Code-First Pipeline¶
Future design—not a ETLantic 0.14 API guide
This page is a design study. It may describe packages, commands, or
interfaces beyond the shipped API surface. Prefer Current Capabilities,
the runnable examples under examples/, the API reference, and the CLI
reference for installable behavior.
This example demonstrates the complementary workflow to CONTRACT_FIRST.md. Instead of authoring ODCS, DTCS, and DPCS documents first, developers begin with strongly typed Python classes and allow ETLantic to generate portable contracts automatically.
Philosophy¶
Python Models
│
▼
Validation
│
▼
Normalized Pipeline Model
│
├──► ODCS
├──► DTCS
├──► DPCS
├──► Documentation
├──► Mermaid
└──► Execution Plan
The normalized model is the canonical internal representation. Code-first and contract-first converge to the same planning, validation, lineage, and execution pipeline.
Goals¶
A code-first project should allow developers to:
- Define data contracts as Python classes.
- Define transformations using typed inputs, outputs, and parameters.
- Define pipelines with sources, steps, subpipelines, and sinks.
- Bind execution implementations (Polars, Pandas, SQL, PySpark, etc.).
- Validate the complete graph.
- Generate ODCS, DTCS, and DPCS artifacts.
- Publish those artifacts to a registry.
- Generate documentation, lineage, OpenAPI-style pipeline descriptions, Mermaid diagrams, and implementation reports.
Project Layout¶
customer_pipeline/
├── src/
│ ├── contracts.py
│ ├── transformations.py
│ ├── implementations.py
│ ├── pipeline.py
│ └── profiles.py
├── contracts/
├── docs/
└── tests/
Data Contracts¶
from typing import Annotated
from pydantic import Field
from etlantic import DataContractModel
class RawCustomer(DataContractModel):
customer_id: int
first_name: str
last_name: str
email: str | None
class Customer(DataContractModel):
customer_id: Annotated[int, Field(gt=0)]
full_name: str
email: str
Transformation¶
from etlantic import Input, Output, Parameter, Transformation
class NormalizeCustomers(Transformation):
customers: Input[RawCustomer]
lowercase_email: Parameter[bool] = True
result: Output[Customer]
Implementation¶
@NormalizeCustomers.implementation("polars")
def normalize(customers: pl.LazyFrame,
lowercase_email: bool) -> pl.LazyFrame:
...
Pipeline¶
class CustomerPipeline(Pipeline):
raw = Extract[RawCustomer](binding="customers_input")

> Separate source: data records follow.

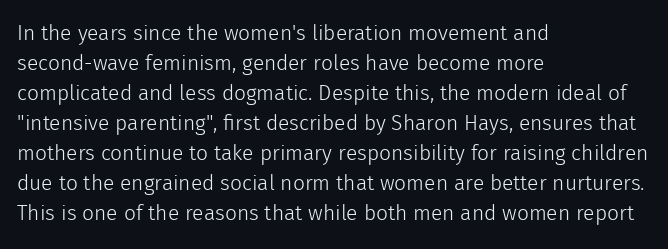
Compared with typical body copy, the letter spacing here is the same. The text block is weighted toward the left margin, trailing off unevenly rightward. The foot of each line stays bare and open. Evenly set lines give the paragraph a standard silhouette. Stroke thickness stays within the range of a standard reading face or lighter.
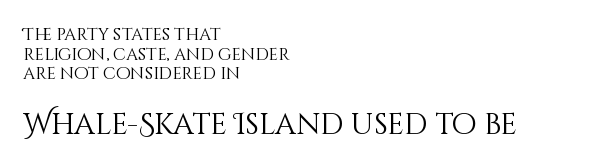
The image shows 29 px light type, upright; set left-aligned, tight line spacing (1.15x), normal letter spacing, not underlined; the second (bottom) block is 1.71x larger; medium stroke contrast and a large x-height.
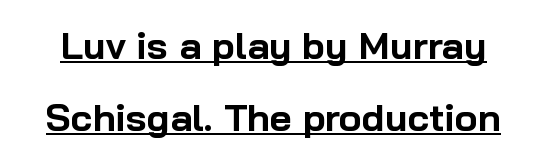
{"serif": "no", "italic": "no", "bold": "yes", "weight": "bold", "width": "normal", "stroke_contrast": "low", "x_height": "medium", "monospaced": "no", "underline": "yes", "line_spacing": "loose", "line_spacing_ratio": 1.9, "letter_spacing": "normal", "letter_spacing_em": 0.0, "glyph_px": 38}
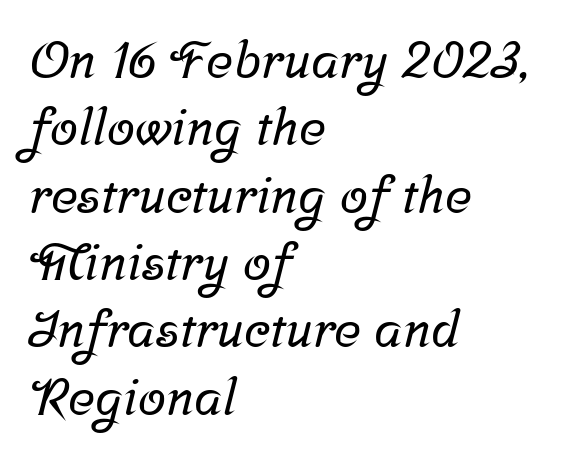
{"width": "normal", "stroke_contrast": "low", "x_height": "medium", "monospaced": "no", "underline": "no", "align": "left", "line_spacing": "normal", "line_spacing_ratio": 1.32, "letter_spacing": "normal", "letter_spacing_em": 0.0, "glyph_px": 51}
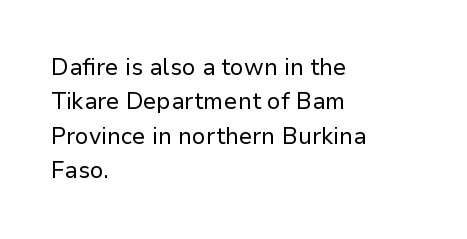
Observe the ordinary spacing: letters are neighbours, not strangers. Only glyphs here, with clear space below each row. Honestly, the row spacing looks completely unremarkable. No letter is thick-stroked: the sample isn't bold.
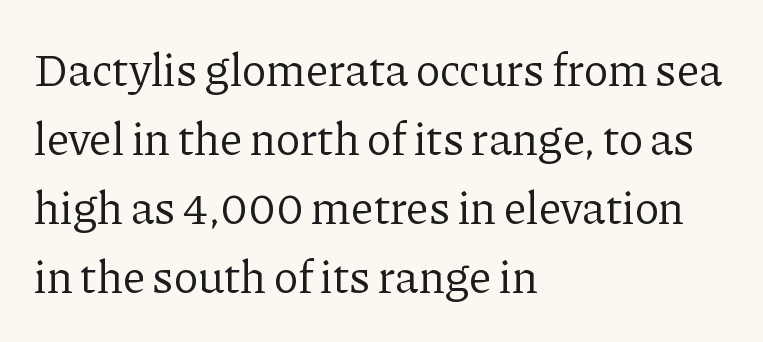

normalized = NormalizeCustomers.step(
customers=raw,
lowercase_email=True,
)
curated = Load[Customer](
input=normalized.result,
binding="customers_output",
)
Validation¶
Validation verifies contracts, graph integrity, implementations, profiles, resource bindings, compatibility, and execution capabilities.
Planning¶
The resulting Pipeline Plan is identical to the plan produced by the contract-first workflow.
Contract Generation¶
Expected output:
contracts/
├── data/
│ ├── raw-customer.odcs.yaml
│ └── customer.odcs.yaml
├── transformations/
│ └── normalize-customers.dtcs.yaml
└── pipelines/
└── customer-pipeline.dpcs.yaml
Generated artifacts should be deterministic so that repeated generation produces stable diffs suitable for CI.
Publishing¶
Registries may perform compatibility checks, version validation, signing, approval workflows, and search indexing.
Documentation¶
Round-Trip Guarantee¶
A core design goal is:
The generated contracts should be semantically equivalent to the original Python definitions.
CI Workflow¶
- Run validation.
- Generate contracts.
- Verify generated artifacts are current.
- Validate implementation conformance.
- Execute tests.
- Publish contracts and documentation.
Best Practices¶
- Treat generated contracts as build artifacts.
- Commit generated contracts for public APIs.
- Keep implementation code separate from generated outputs.
- Use explicit semantic versions.
- Validate before generating.
- Publish only validated contracts.
- Test round-trip equivalence.
Anti-Patterns¶
Avoid:
- Editing generated contracts manually.
- Publishing contracts from invalid pipelines.
- Mixing environment-specific bindings into portable contracts.
- Skipping compatibility checks.
- Depending on generation order or formatting differences.
Relationship to Contract-First¶
Contract-first is ideal when contracts are governed externally or shared across multiple languages.
Code-first is ideal when Python is the primary authoring environment and developers want rapid iteration with strong typing.
Both workflows intentionally converge to the same normalized ETLantic, Pipeline Plan, execution behavior, documentation, and portable contract artifacts.